## AIM OF THE EXERCISE
Every record here must be copied exactly, except for the images it holds.

SOURCE MATERIAL START

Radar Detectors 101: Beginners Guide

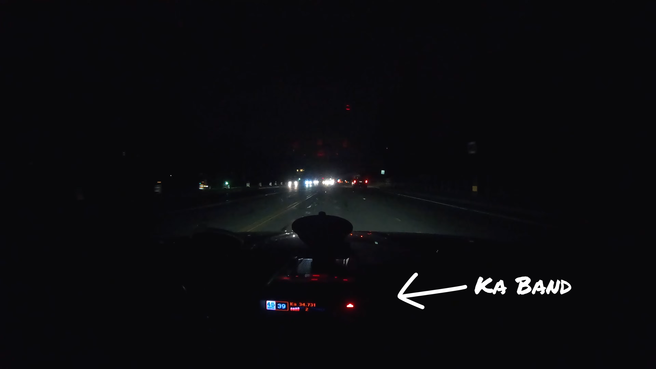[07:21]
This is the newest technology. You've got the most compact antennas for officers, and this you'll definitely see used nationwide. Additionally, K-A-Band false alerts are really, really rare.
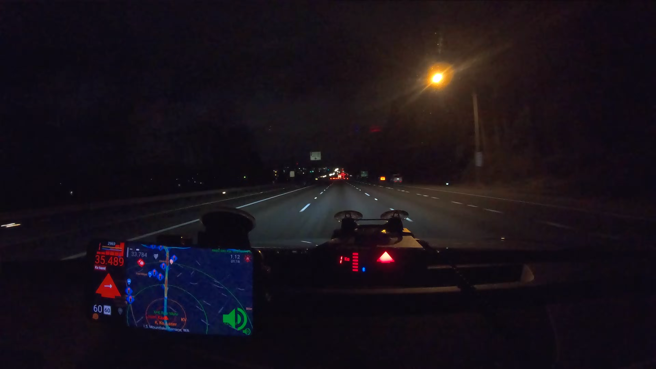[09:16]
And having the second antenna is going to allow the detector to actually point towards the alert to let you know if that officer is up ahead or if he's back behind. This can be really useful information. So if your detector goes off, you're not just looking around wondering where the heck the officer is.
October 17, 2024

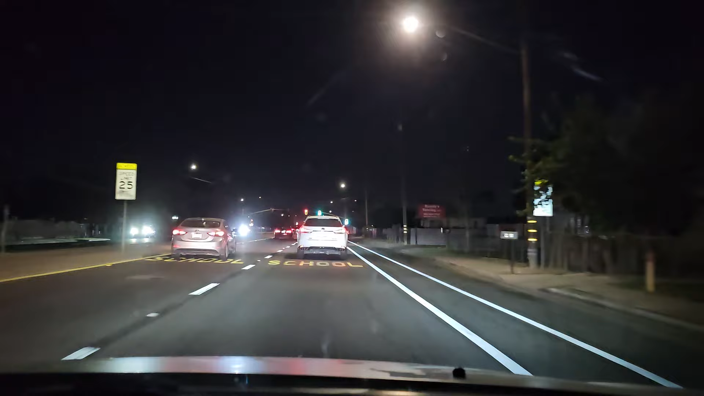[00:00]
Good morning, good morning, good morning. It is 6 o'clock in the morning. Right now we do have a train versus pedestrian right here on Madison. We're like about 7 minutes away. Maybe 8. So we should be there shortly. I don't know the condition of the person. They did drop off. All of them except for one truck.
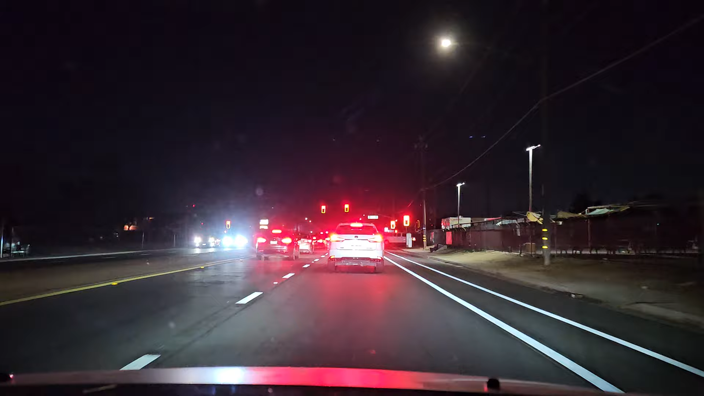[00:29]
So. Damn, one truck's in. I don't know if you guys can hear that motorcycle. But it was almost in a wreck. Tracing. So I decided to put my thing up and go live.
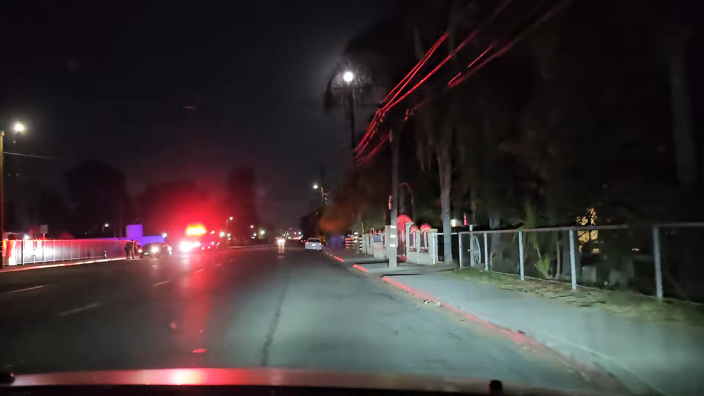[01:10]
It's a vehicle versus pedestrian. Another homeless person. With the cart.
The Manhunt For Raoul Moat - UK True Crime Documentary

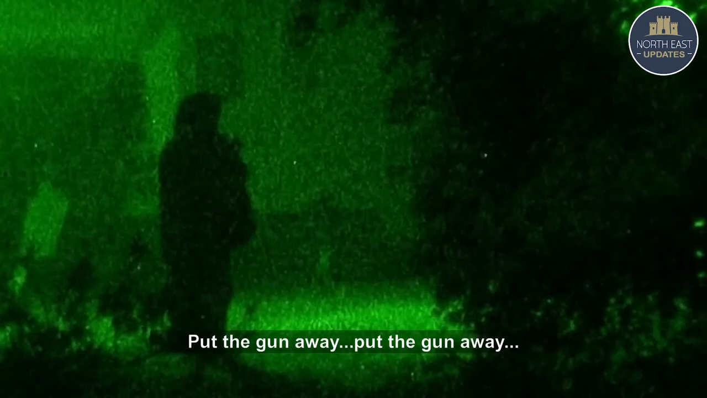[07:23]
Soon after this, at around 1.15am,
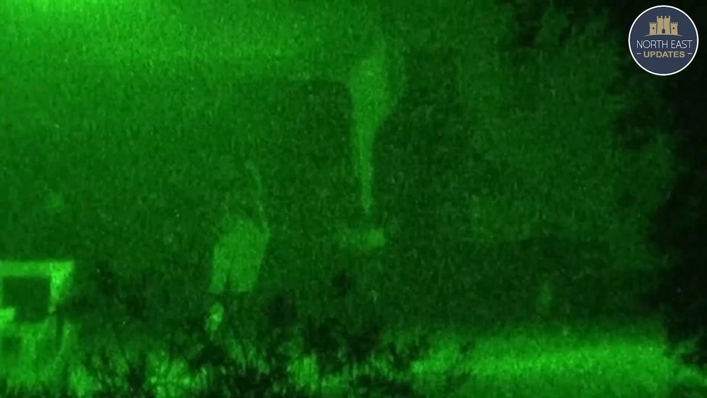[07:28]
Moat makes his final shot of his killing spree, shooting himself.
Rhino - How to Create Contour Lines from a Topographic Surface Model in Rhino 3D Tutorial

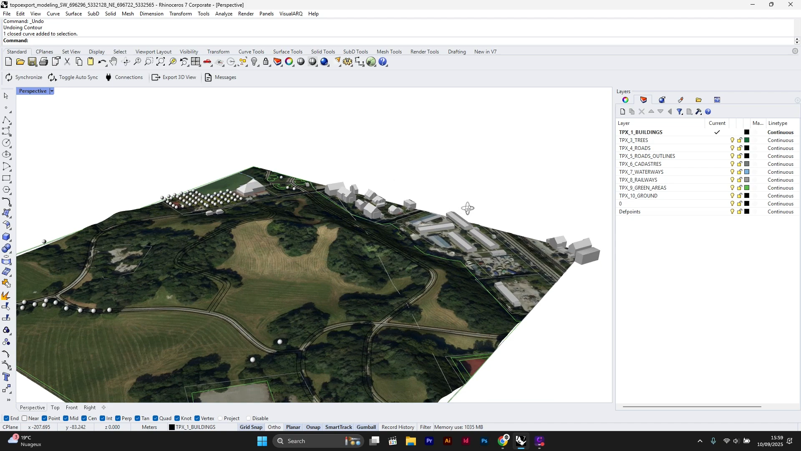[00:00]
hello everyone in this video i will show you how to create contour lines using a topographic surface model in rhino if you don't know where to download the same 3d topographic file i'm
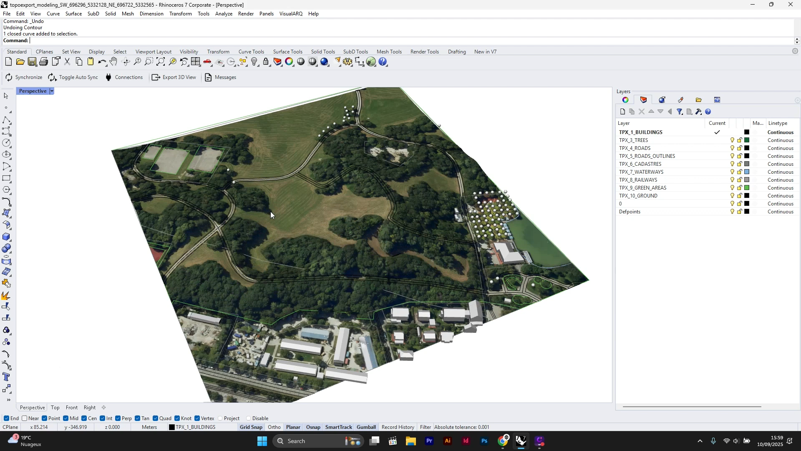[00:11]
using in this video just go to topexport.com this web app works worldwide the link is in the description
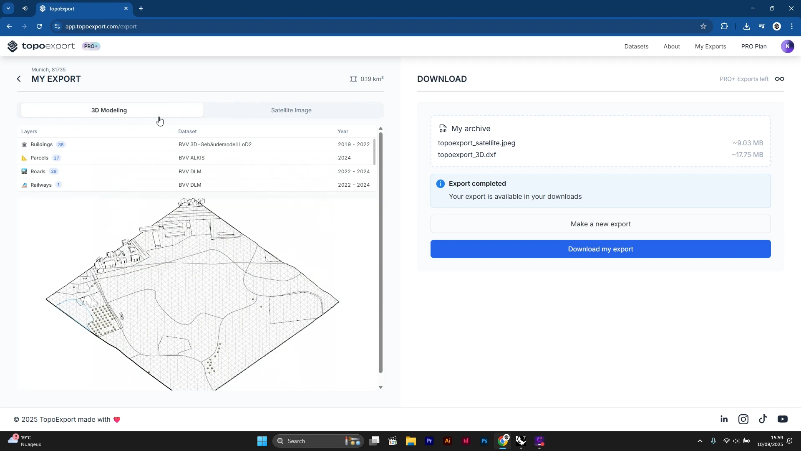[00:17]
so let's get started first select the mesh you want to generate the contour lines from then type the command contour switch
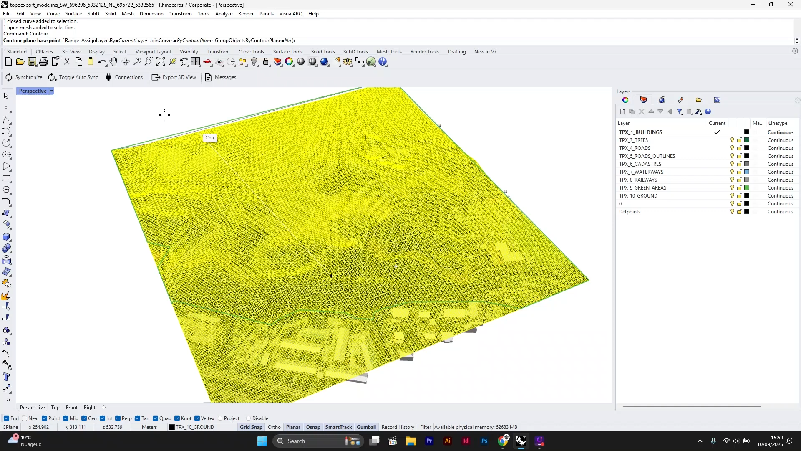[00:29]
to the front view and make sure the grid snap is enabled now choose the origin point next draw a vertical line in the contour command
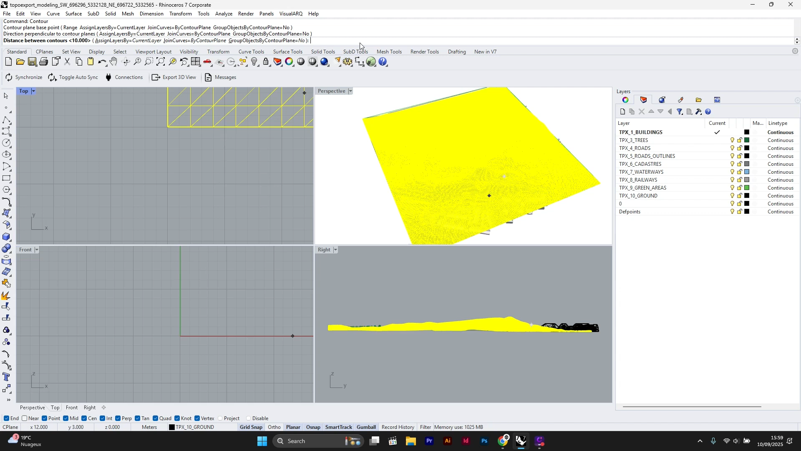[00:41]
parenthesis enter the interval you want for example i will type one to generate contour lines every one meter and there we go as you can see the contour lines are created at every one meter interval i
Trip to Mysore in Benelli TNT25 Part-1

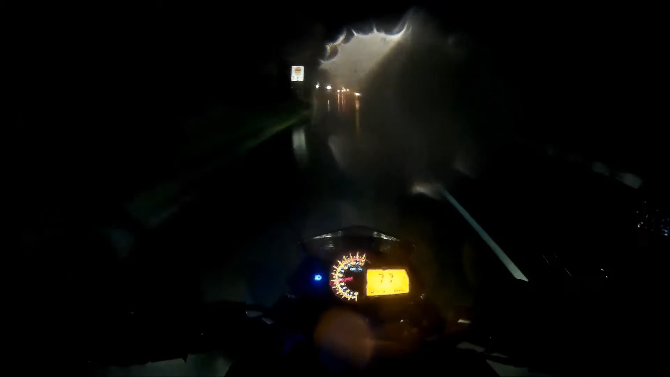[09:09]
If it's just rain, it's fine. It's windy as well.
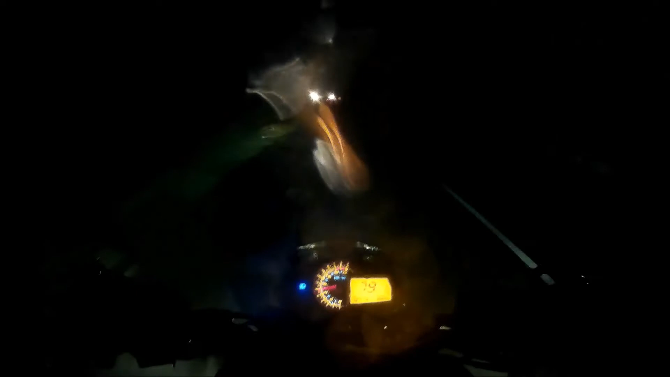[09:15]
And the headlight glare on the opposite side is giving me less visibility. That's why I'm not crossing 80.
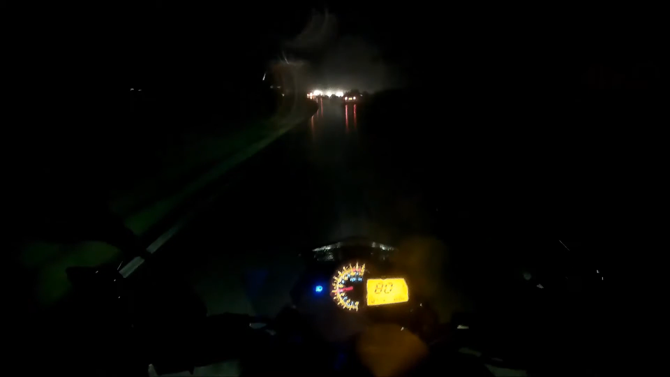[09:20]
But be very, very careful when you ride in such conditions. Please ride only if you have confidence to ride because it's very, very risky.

SOURCE MATERIAL END

## WRITTEN RESPONSE
Radar Detectors 101: Beginners Guide

[07:21]
This is the newest technology. You've got the most compact antennas for officers, and this you'll definitely see used nationwide. Additionally, K-A-Band false alerts are really, really rare.
[09:16]
And having the second antenna is going to allow the detector to actually point towards the alert to let you know if that officer is up ahead or if he's back behind. This can be really useful information. So if your detector goes off, you're not just looking around wondering where the heck the officer is.
October 17, 2024

[00:00]
Good morning, good morning, good morning. It is 6 o'clock in the morning. Right now we do have a train versus pedestrian right here on Madison. We're like about 7 minutes away. Maybe 8. So we should be there shortly. I don't know the condition of the person. They did drop off. All of them except for one truck.
[00:29]
So. Damn, one truck's in. I don't know if you guys can hear that motorcycle. But it was almost in a wreck. Tracing. So I decided to put my thing up and go live.
[01:10]
It's a vehicle versus pedestrian. Another homeless person. With the cart.
The Manhunt For Raoul Moat - UK True Crime Documentary

[07:23]
Soon after this, at around 1.15am,
[07:28]
Moat makes his final shot of his killing spree, shooting himself.
Rhino - How to Create Contour Lines from a Topographic Surface Model in Rhino 3D Tutorial

[00:00]
hello everyone in this video i will show you how to create contour lines using a topographic surface model in rhino if you don't know where to download the same 3d topographic file i'm
[00:11]
using in this video just go to topexport.com this web app works worldwide the link is in the description
[00:17]
so let's get started first select the mesh you want to generate the contour lines from then type the command contour switch
[00:29]
to the front view and make sure the grid snap is enabled now choose the origin point next draw a vertical line in the contour command
[00:41]
parenthesis enter the interval you want for example i will type one to generate contour lines every one meter and there we go as you can see the contour lines are created at every one meter interval i
Trip to Mysore in Benelli TNT25 Part-1

[09:09]
If it's just rain, it's fine. It's windy as well.
[09:15]
And the headlight glare on the opposite side is giving me less visibility. That's why I'm not crossing 80.
[09:20]
But be very, very careful when you ride in such conditions. Please ride only if you have confidence to ride because it's very, very risky.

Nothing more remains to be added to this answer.